Ведь здесь, в санатории, полно бравых молодых людей.
Слышишь: полно! И все начинают со знакомства со мной: первый визит — к врачу. Я им толкую про хвойные ванны, а они мне в ответ: «Что вы делаете сегодня вечером?»
Не все, конечно, но многие.
Есть тут один летчик, могучий, как ТУ-104. А каждый день на прием ходит и все жалуется: то бессонница — дай ему порошок, то аппетит пропал — дай таблетку…
А уборщица Анна Леонтьевна, такая наблюдательная, ехидная старушка, вчера приходит и ругается: летчик за дверью кабинета таблетки выбросил, их растоптали и, как мел, разнесли по всему коридору, наследили…
Мне надоели, пойми, ежевечерние шуточки: «А вот, наша соломенная вдова.

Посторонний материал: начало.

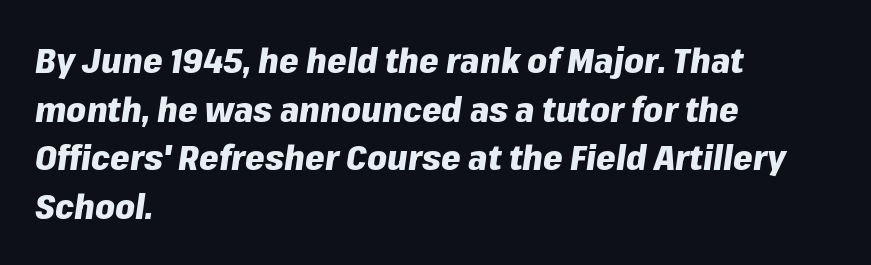
{"italic": "yes", "lean": "right", "slant_degrees": 8, "bold": "yes", "weight": "heavy", "width": "normal", "stroke_contrast": "low", "x_height": "medium", "monospaced": "no", "underline": "no", "align": "left", "line_spacing": "normal", "line_spacing_ratio": 1.39, "letter_spacing": "normal", "letter_spacing_em": 0.0, "glyph_px": 35}
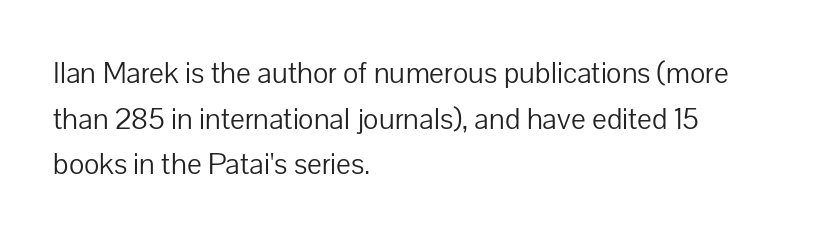
Q: Is the text bold? A: No.
Q: Is the text italic (slanted)? A: No, it is upright.
Q: Is the typeface a serif or a sans-serif typeface? A: Sans-serif.
Q: Is the text underlined? A: No.
Q: How is the paragraph aligned? A: Left-aligned.
Q: Is the spacing between letters normal or unusually wide? A: Normal.
Q: Is the spacing between lines tight, normal or loose? A: Normal.
Q: Width (condensed, normal, or wide)? A: Normal.
Q: Stroke contrast? A: Low.
Q: x-height? A: Medium.
Q: Monospaced? A: No.
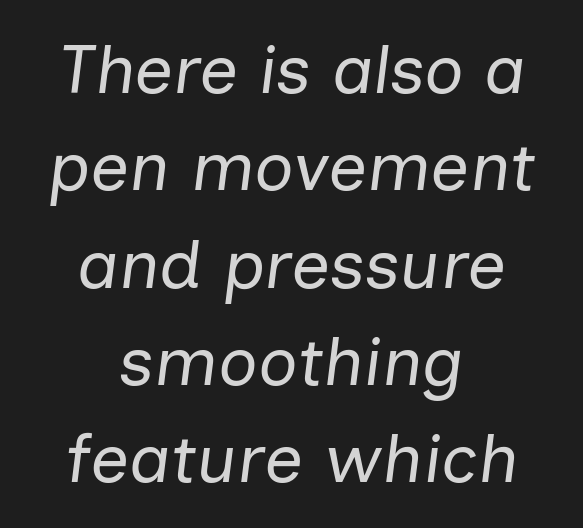
The image shows 69 px regular-weight type, italic (leaning right); set centered, normal line spacing (1.41x), normal letter spacing, not underlined; low stroke contrast and a medium x-height.
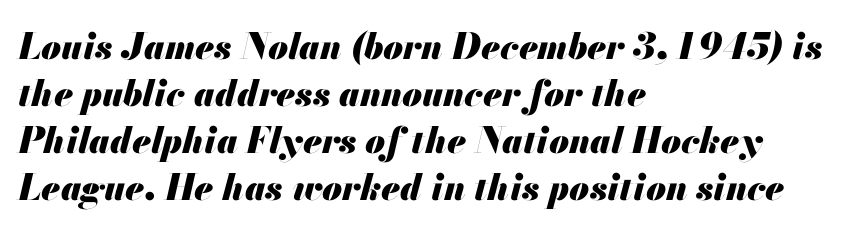
Q: Is the text bold? A: Yes.
Q: Is the text italic (slanted)? A: Yes, it leans right by about 13 degrees.
Q: Is the text underlined? A: No.
Q: How is the paragraph aligned? A: Left-aligned.
Q: Is the spacing between letters normal or unusually wide? A: Normal.
Q: Is the spacing between lines tight, normal or loose? A: Normal.
Q: Width (condensed, normal, or wide)? A: Normal.
Q: Stroke contrast? A: Medium.
Q: x-height? A: Small.
Q: Monospaced? A: No.

Давайте-ка накажем вашего жениха: что-то он не больно торопится». А ты и в самом деле не торопишься. Уверен, что я буду ждать? Да, я жду тебя — держу свое слово. Но почему же ты не держишь свое? Ведь, помнишь, в Москве, когда я добивалась назначения в этот южный санаторий (добивалась ради тебя!), ты говорил: «Вот слетаю в Сибирь за материалом для очерка — и сразу к тебе, в Крым. О пихтах и елях буду писать под пальмами и кипарисами…» Помнишь эту фразу? Но уж, наверно, собран материал для целой книги очерков, а ты все не едешь.
Достань-ка из своей коричневой папки конверт с документами и отыщи там маленькую медицинскую справку.
Это ведь не просто справка, Алексей, — это истина: у тебя плохие, слабые легкие. И тебе нужен юг, сухой воздух Крыма. Антон Павлович не стеснялся жить здесь, на берегу моря. Так чего же стыдишься ты?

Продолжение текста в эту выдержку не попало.